The fact that the author has a handle too, Bandit, is your first clue that this book is a bit of insider’s story. Keith Ball was a member of a club of much reknown/notoriety, the Hells Angels. In the 1970s he was editor of Easyriders magazine and nowadays presides over Bikernet.com, a website for custom motorcycles. This straddling of both worlds may have hardcore bikers complain that his book is much too tame and, basically, irrelevant. But then that is not the audience Ball is writing for. Rather, it is the rest of the world, the 99%, to whom he attempts to explain a life on the fringes. That crowd will find the book plenty intense and unvarnished, and will probably be as much conflicted about one percenters after reading the book as they were before.

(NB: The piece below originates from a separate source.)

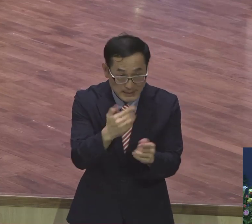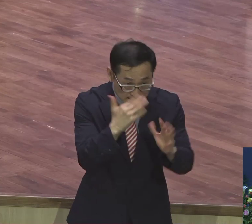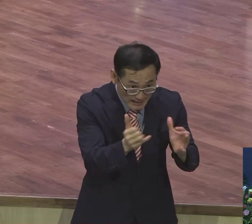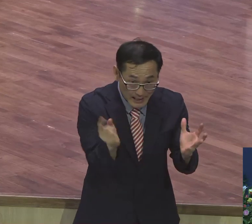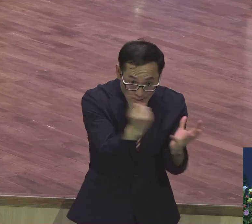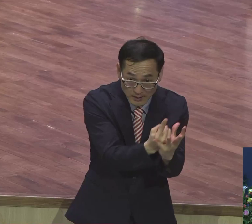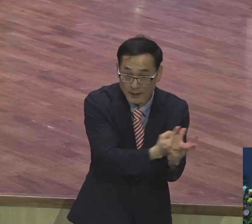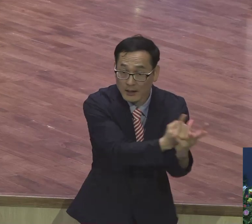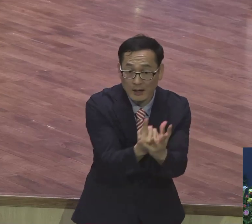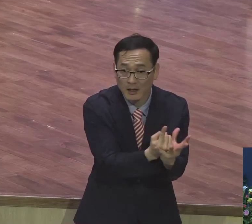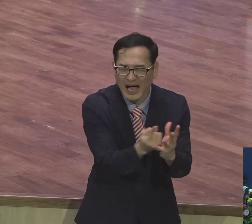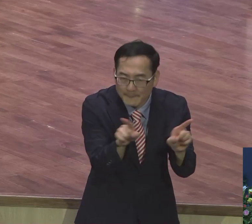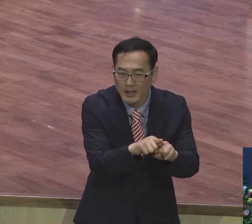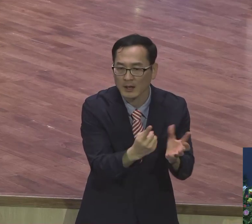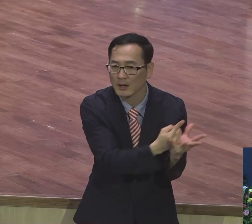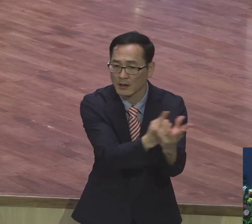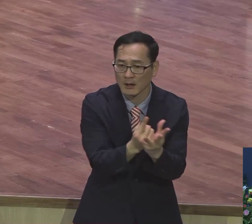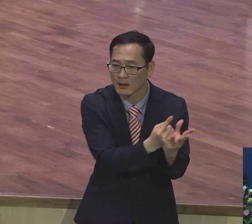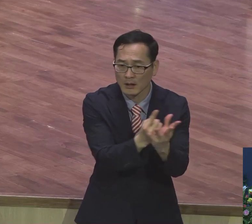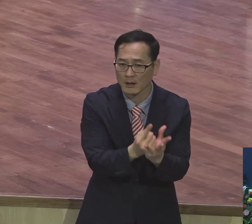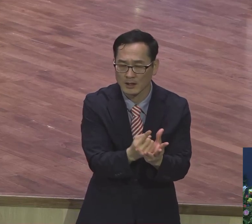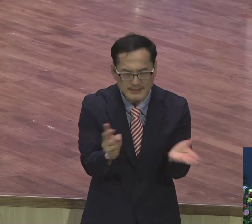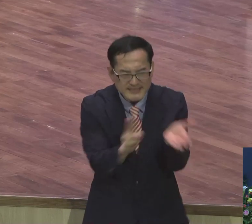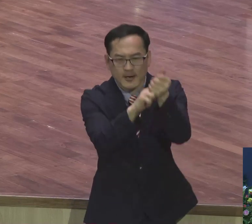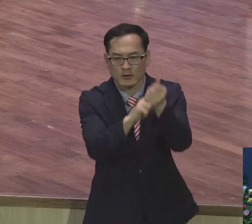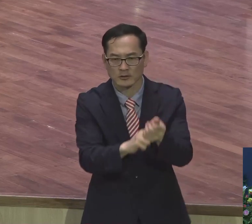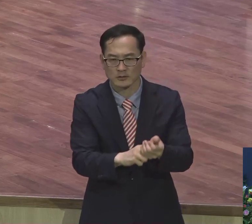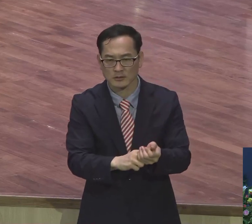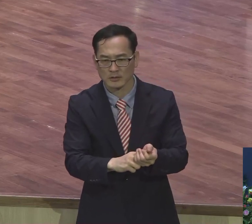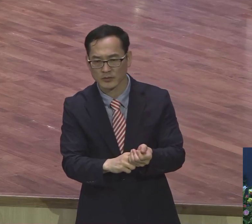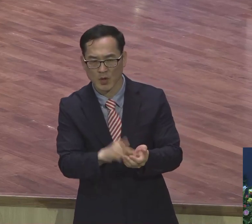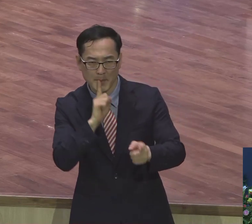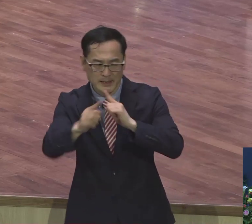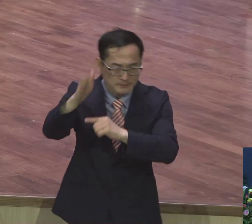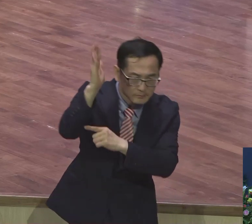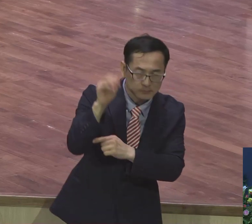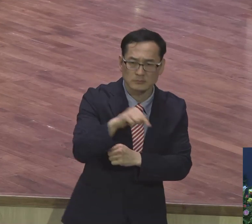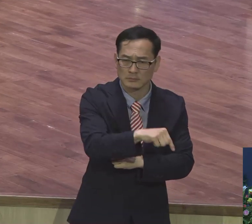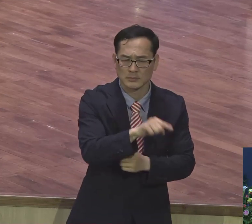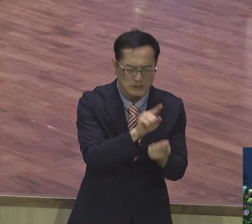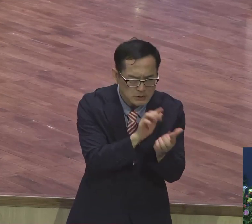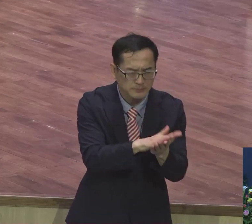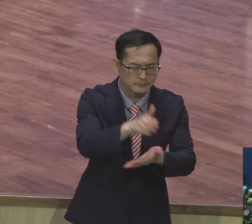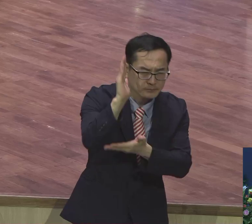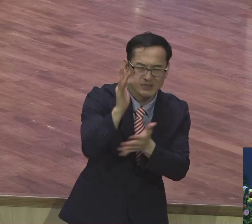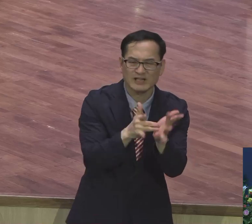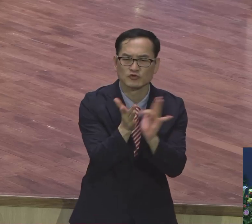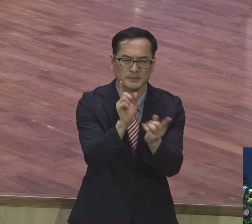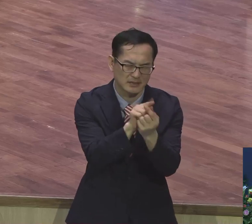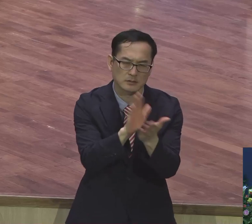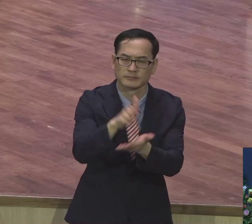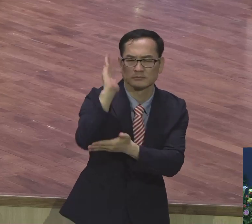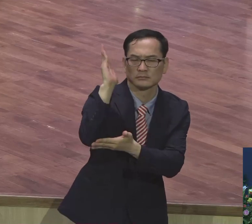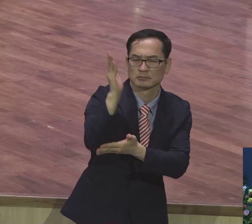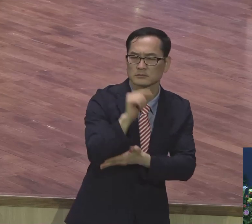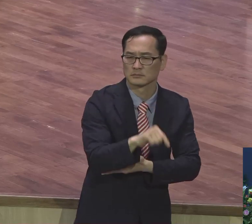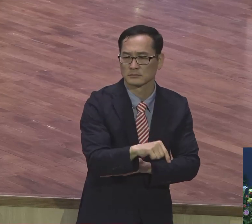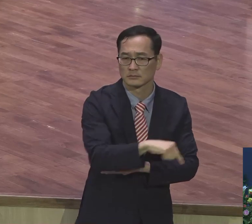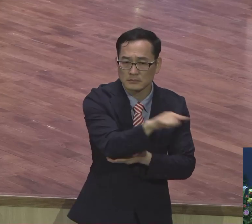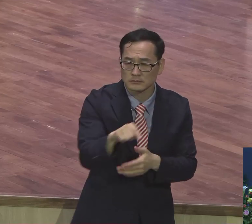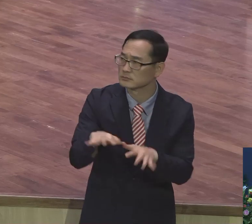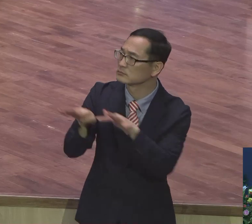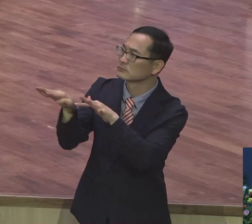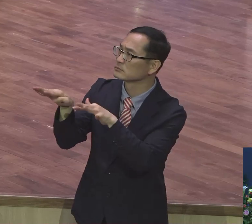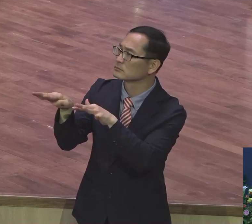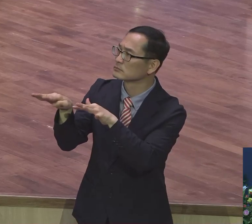그리고 활동했다. 1장 8절에 뭐라 합니까? 1장 8절에. 성령이 오시면 제일 먼저

There’s crime, drugs, sex, random violence, death aplenty. No amount of verbiage can make that lifestyle “relatable.” From broken childhood home, absentee father, poverty, nothing here is simple of pretty. Ball’s Preface examines the origin of purpose of motorcycle clubs (“Why did clubs change from straight-laced guys and couples in matching pressed uniforms into absolute wild men on bobbers?”) Unless you are already familiar with the subject, pretty much everything in here will surprise you! Ball squarely puts the blame for the rift into the lap of the American Motorcycle Association’s administrator from 1928–58, calling him a dictator whose ruling of the AMA with an iron fist had the inevitable result of engendering rebellion. True as that may be, it is clearly not what criminalized Orendorff who would have neither known of nor cared about it but simply fell into the open arms of an already existing outlaw biker culture.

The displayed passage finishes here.